## Requirement
The pictures in the data below are to be omitted; all else must be duplicated exactly.

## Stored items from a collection

---+---

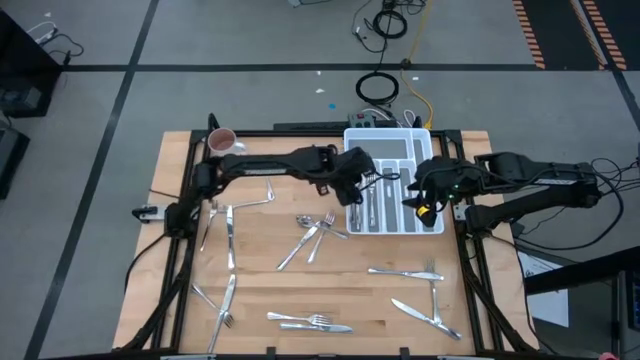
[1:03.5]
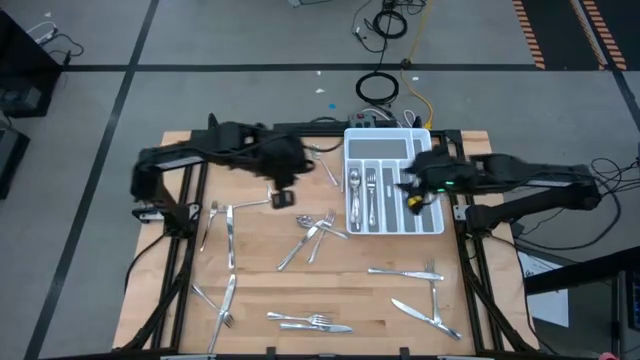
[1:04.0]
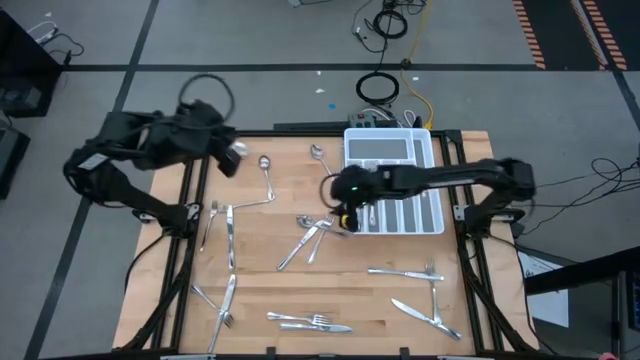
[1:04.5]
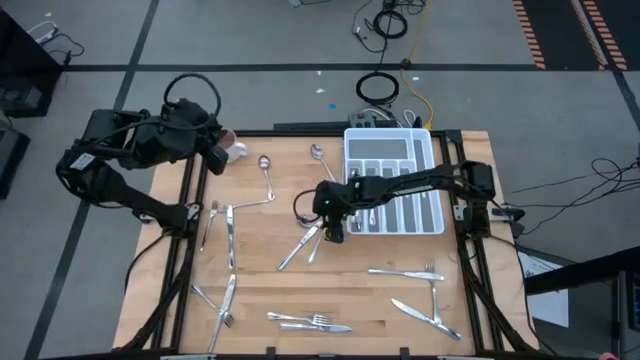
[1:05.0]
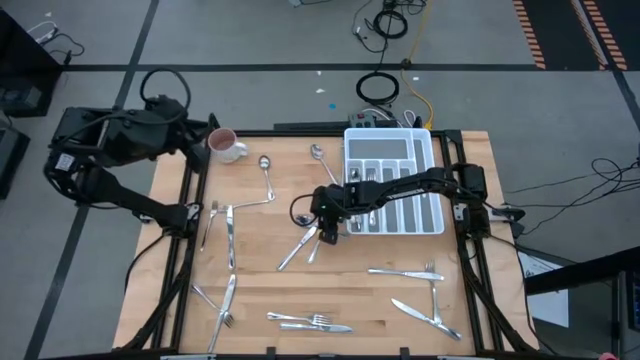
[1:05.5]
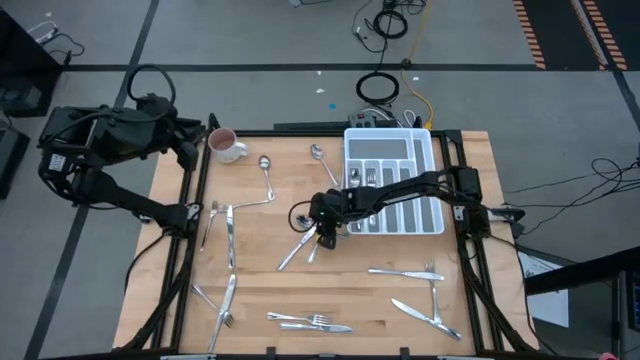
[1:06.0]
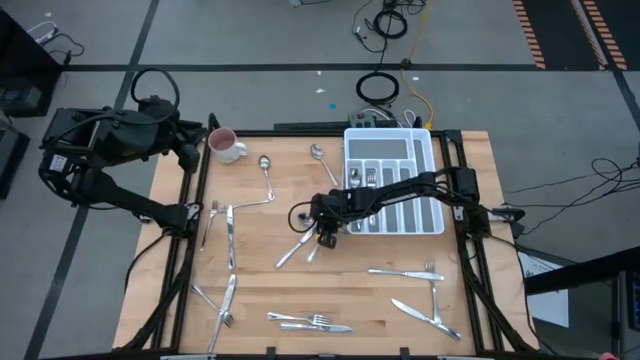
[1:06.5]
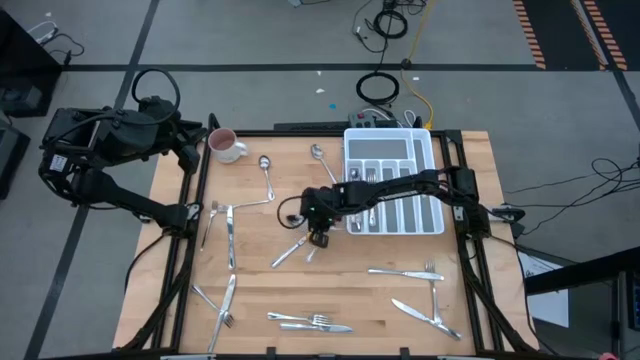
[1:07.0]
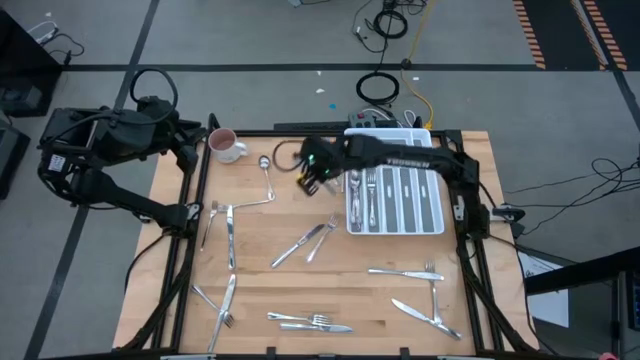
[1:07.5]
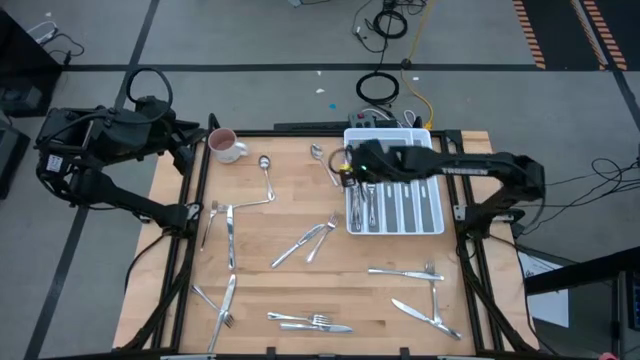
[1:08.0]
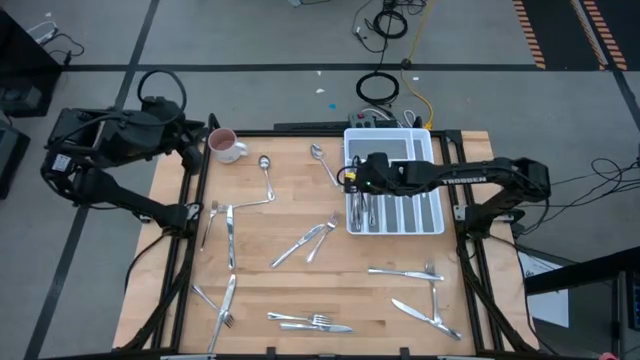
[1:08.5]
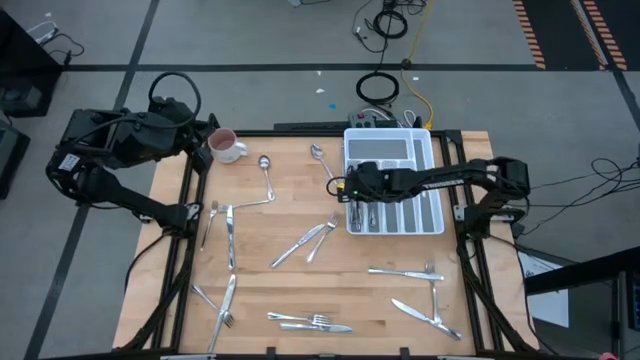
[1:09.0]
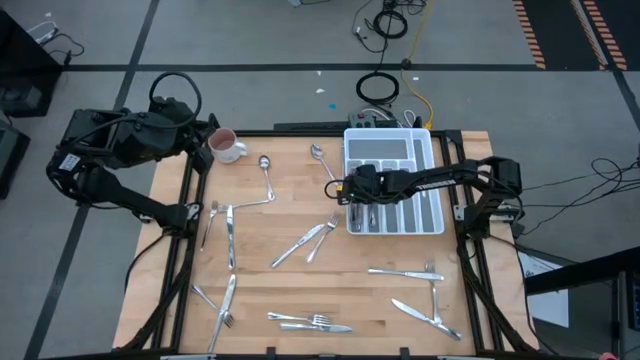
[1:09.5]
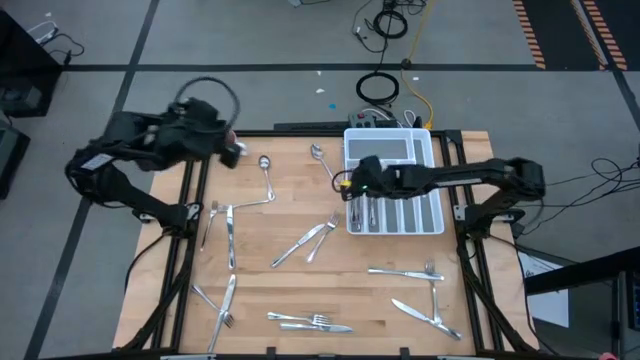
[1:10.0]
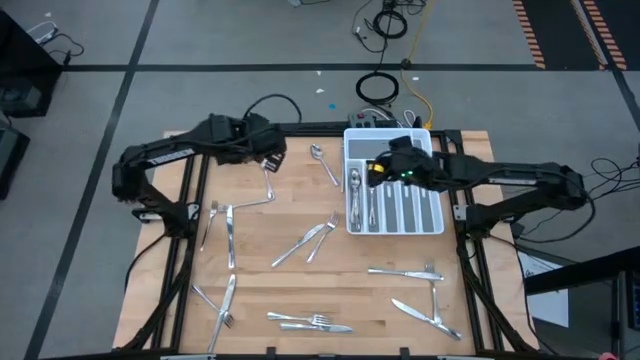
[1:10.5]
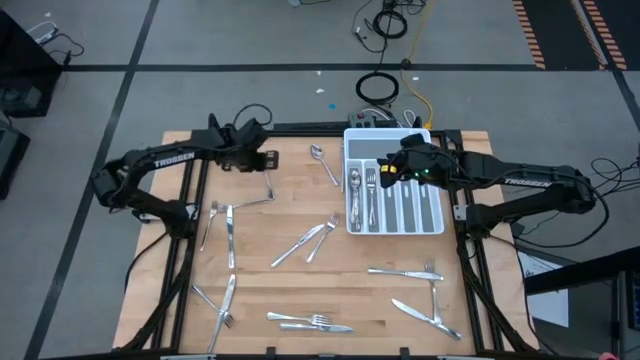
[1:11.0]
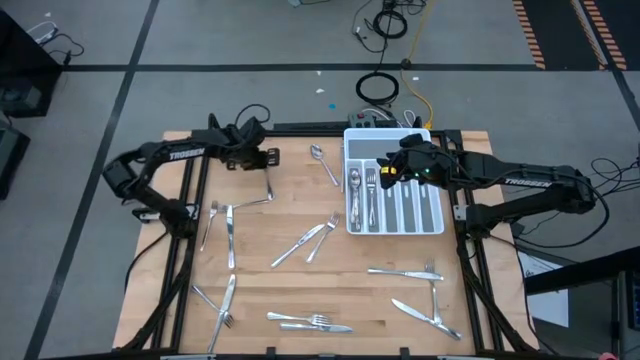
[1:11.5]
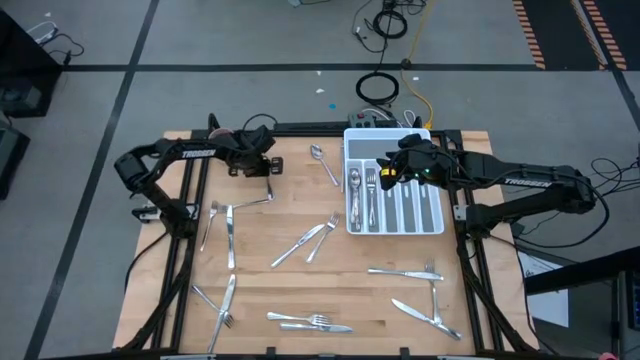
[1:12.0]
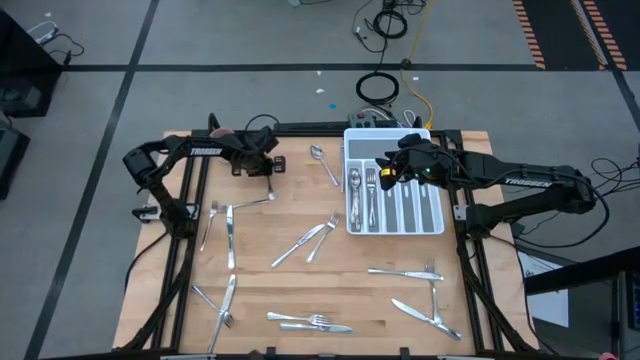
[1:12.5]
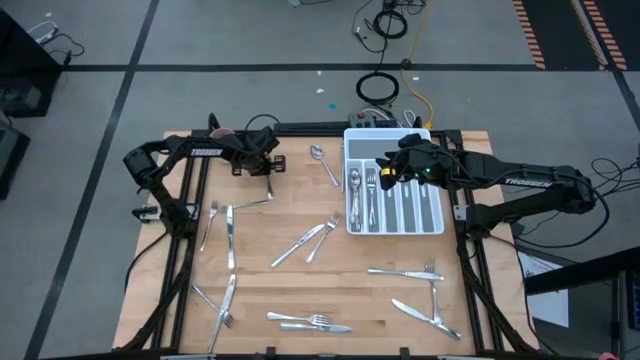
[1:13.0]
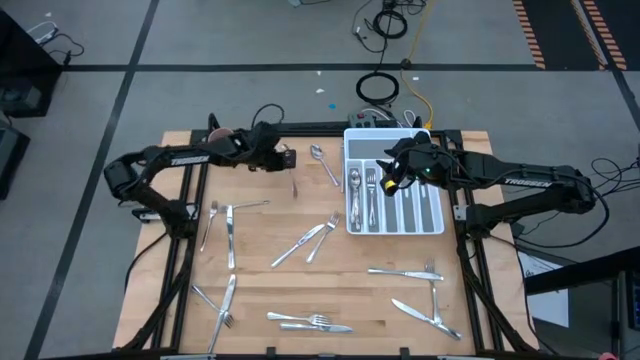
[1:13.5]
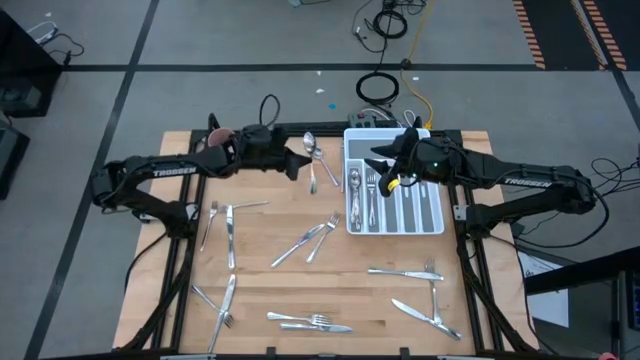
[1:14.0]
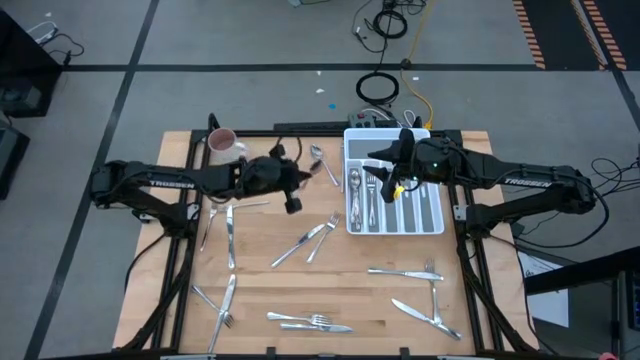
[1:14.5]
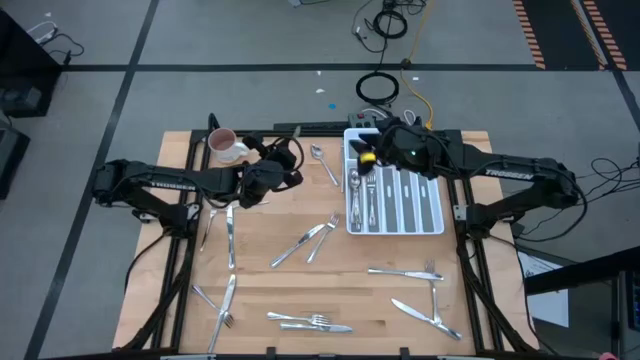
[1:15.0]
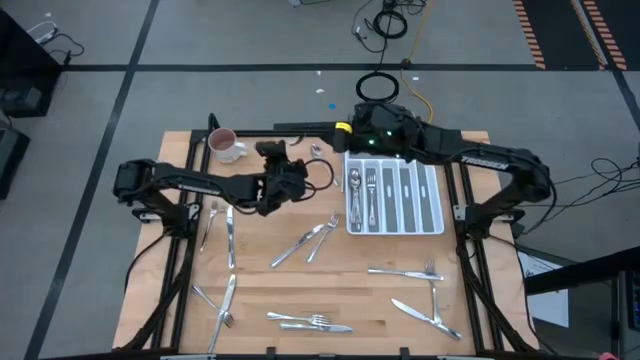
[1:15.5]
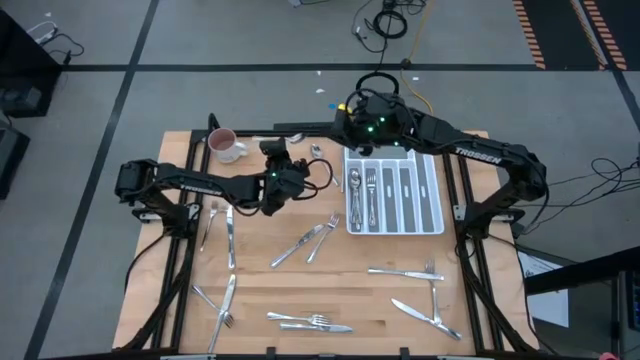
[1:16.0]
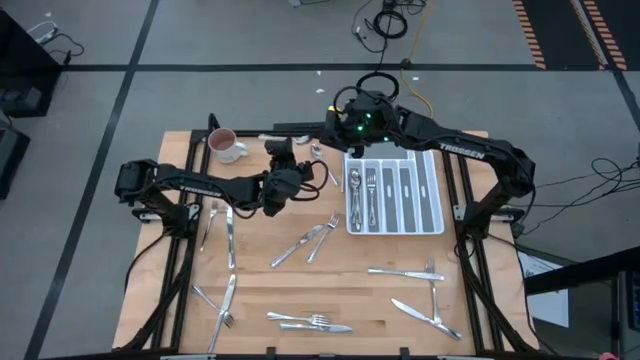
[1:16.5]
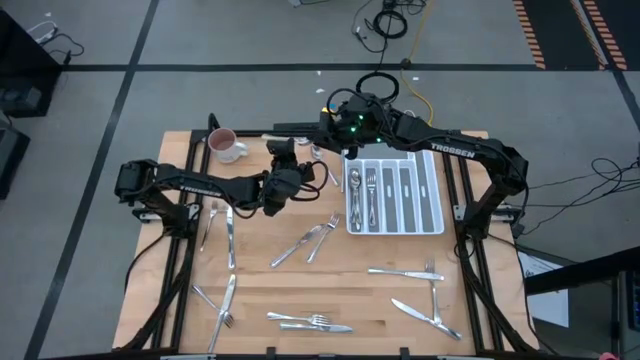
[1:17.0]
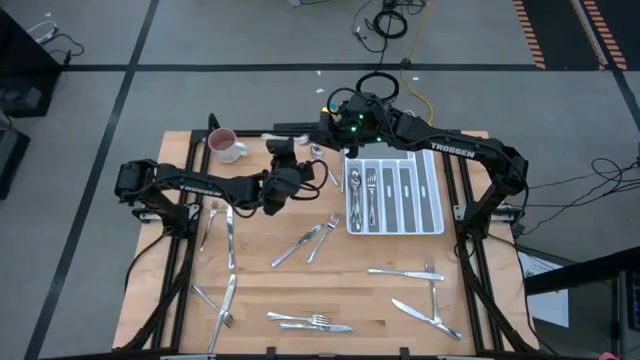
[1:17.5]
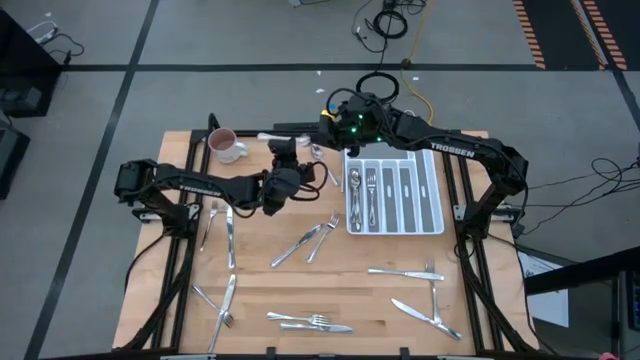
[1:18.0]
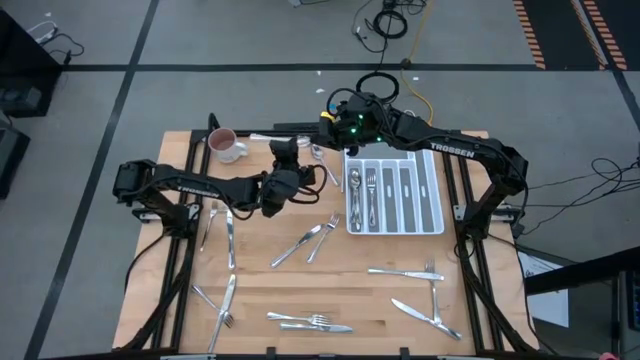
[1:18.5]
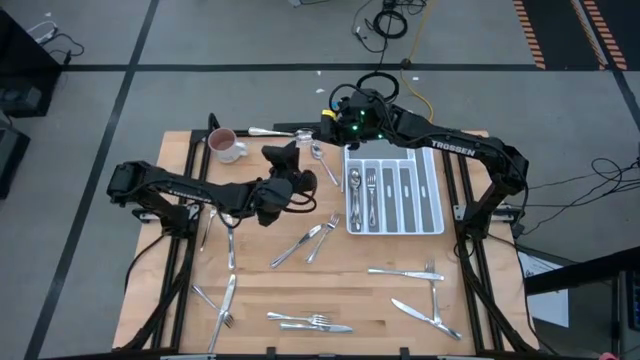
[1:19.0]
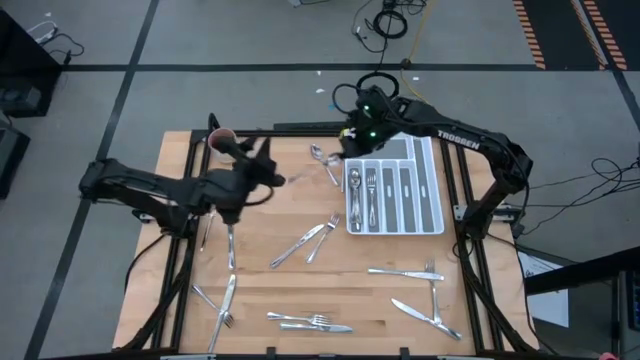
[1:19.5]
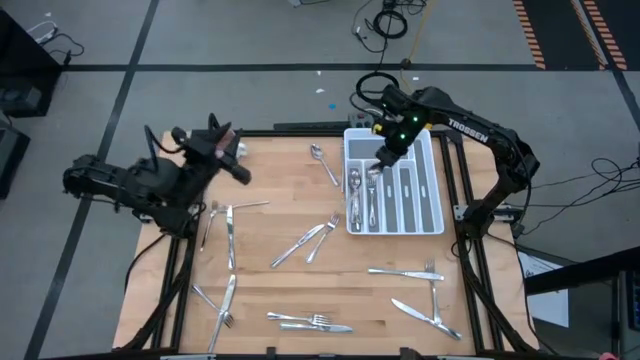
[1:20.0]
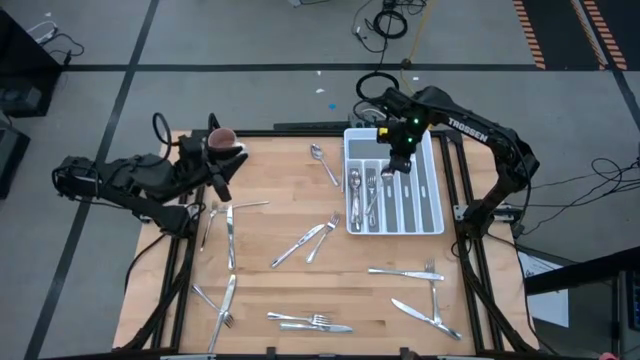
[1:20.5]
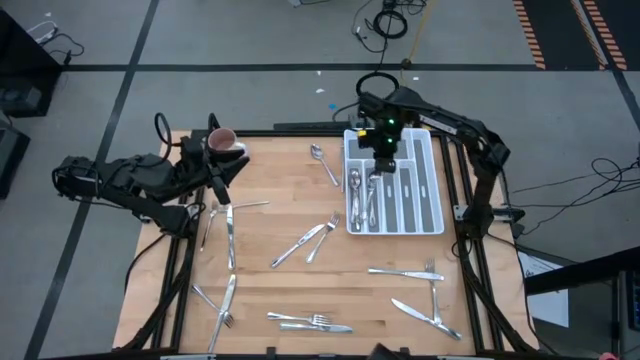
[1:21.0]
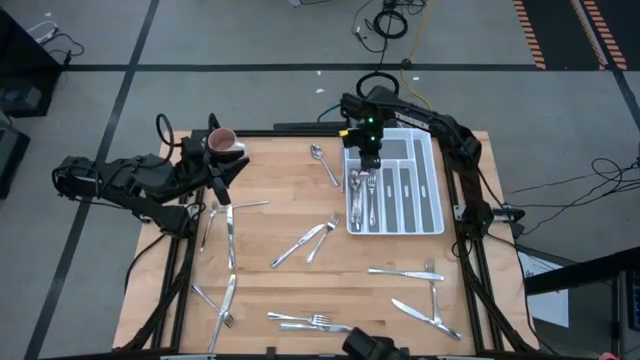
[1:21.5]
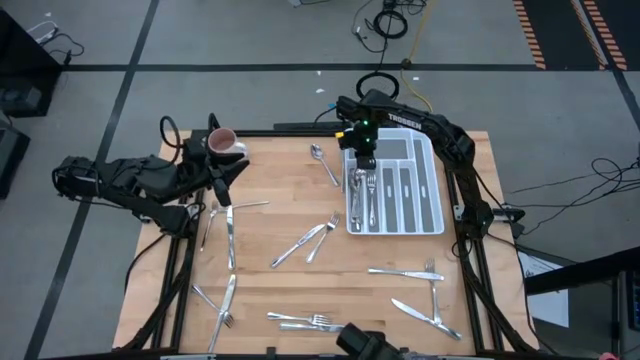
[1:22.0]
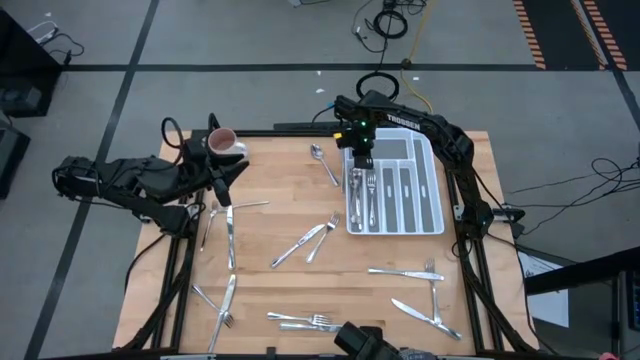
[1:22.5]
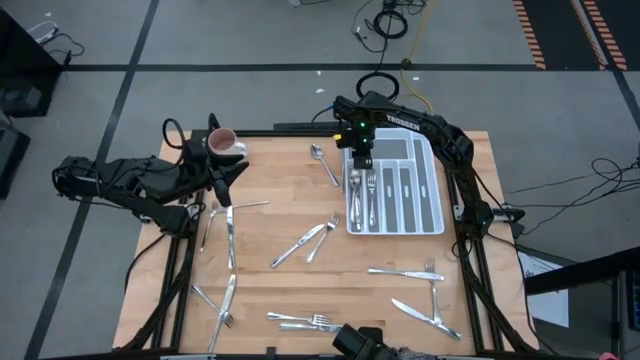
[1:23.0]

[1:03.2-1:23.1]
Task: Sort silverware
Put the silver spoon into the silverware tray

---+---

## Result for this exercise
[1:03.5]
[1:04.0]
[1:04.5]
[1:05.0]
[1:05.5]
[1:06.0]
[1:06.5]
[1:07.0]
[1:07.5]
[1:08.0]
[1:08.5]
[1:09.0]
[1:09.5]
[1:10.0]
[1:10.5]
[1:11.0]
[1:11.5]
[1:12.0]
[1:12.5]
[1:13.0]
[1:13.5]
[1:14.0]
[1:14.5]
[1:15.0]
[1:15.5]
[1:16.0]
[1:16.5]
[1:17.0]
[1:17.5]
[1:18.0]
[1:18.5]
[1:19.0]
[1:19.5]
[1:20.0]
[1:20.5]
[1:21.0]
[1:21.5]
[1:22.0]
[1:22.5]
[1:23.0]

[1:03.2-1:23.1]
Task: Sort silverware
Put the silver spoon into the silverware tray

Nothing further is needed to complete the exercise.